The real goal is to find a strategy that works well enough, often enough. Dynamic GC gives up perfect collection (aiming to be merely good enough). Rust's data race guarantees prevent safely expressing some subset of correct programs.
Whether deadlock prevention can be done nicely enough for general case usage is an open question.
GC works great in practice, but as you say it isn't provable. Likewise, Rust goes a long way towards preventing deadlocks in practice, but that also isn't provable. All I'm talking about here are guarantees. Rust's type system guarantees that there are no data races; that's firm bedrock that I can rely upon. I can't rely on there being no deadlocks just as I can't rely on a garbage collector actually returning any memory. That doesn't mean these tools aren't useful in practice, only that I have to take their failure modes into consideration if I want to write correct programs.
"Check out our awesome new car! It makes driving 'easy and safe'!"
"Does it prevent crashes?"
"No, that's impossible! But here, look at our onboard computer that prevents many types of driving errors."
I like Rust. I want it to succeed.

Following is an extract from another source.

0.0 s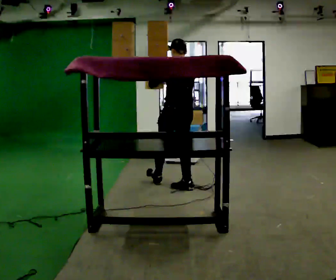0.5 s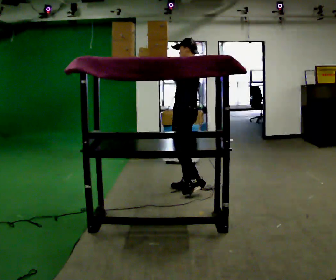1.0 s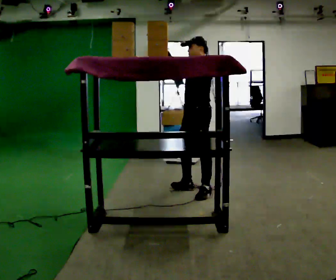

But I think the rhetoric gets ahead of the language sometimes, and not prioritizing higher level concurrency tools because you have the borrow checker is a mistake.

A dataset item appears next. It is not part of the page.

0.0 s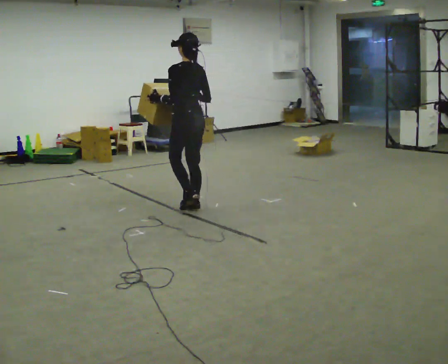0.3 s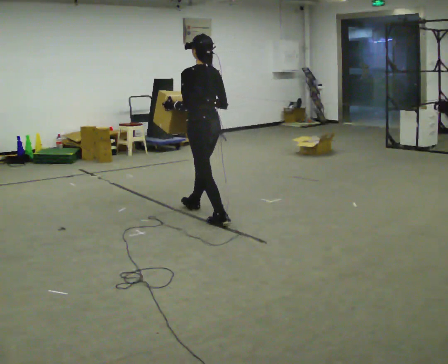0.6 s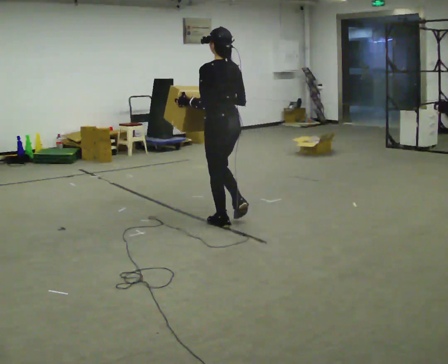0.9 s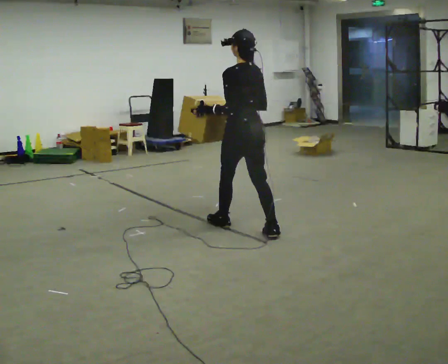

It's incorrect to say that Rust hasn't prioritized higher-level concurrency tools. Many of the design decisions over the previous years have been made with an eye towards supporting every concurrency paradigm.
I'm also confused about your perception that the rhetoric gets ahead of the language. The type system does indeed make things easier and safer. When people ask what that means, we're eager to elaborate on the precise guarantees that Rust provides. Misleading people as to Rust's capabilities is not on the agenda.
>It's incorrect to say that Rust hasn't prioritized higher-level concurrency tools
I think it's a fair characterization given 1.0 shipped without them, and there doesn't seem to any timeline for standardization (please correct me if I'm wrong).
I don't think I have to tell you that concurrency is one of the most important challenges in modern programming. But all Rust gives you today (and for the foreseeable future) is a pthreads wrapper.
>I'm also confused about your perception that the rhetoric gets ahead of the language
The parent comment says verbatim "Rust goes out of its way to make it easy and safe to write multithreaded code". This apparently doesn't include preventing deadlocks, a problem that is common, hard-to-avoid, and difficult to recover from. Does that not strike you as a bit of an overreach?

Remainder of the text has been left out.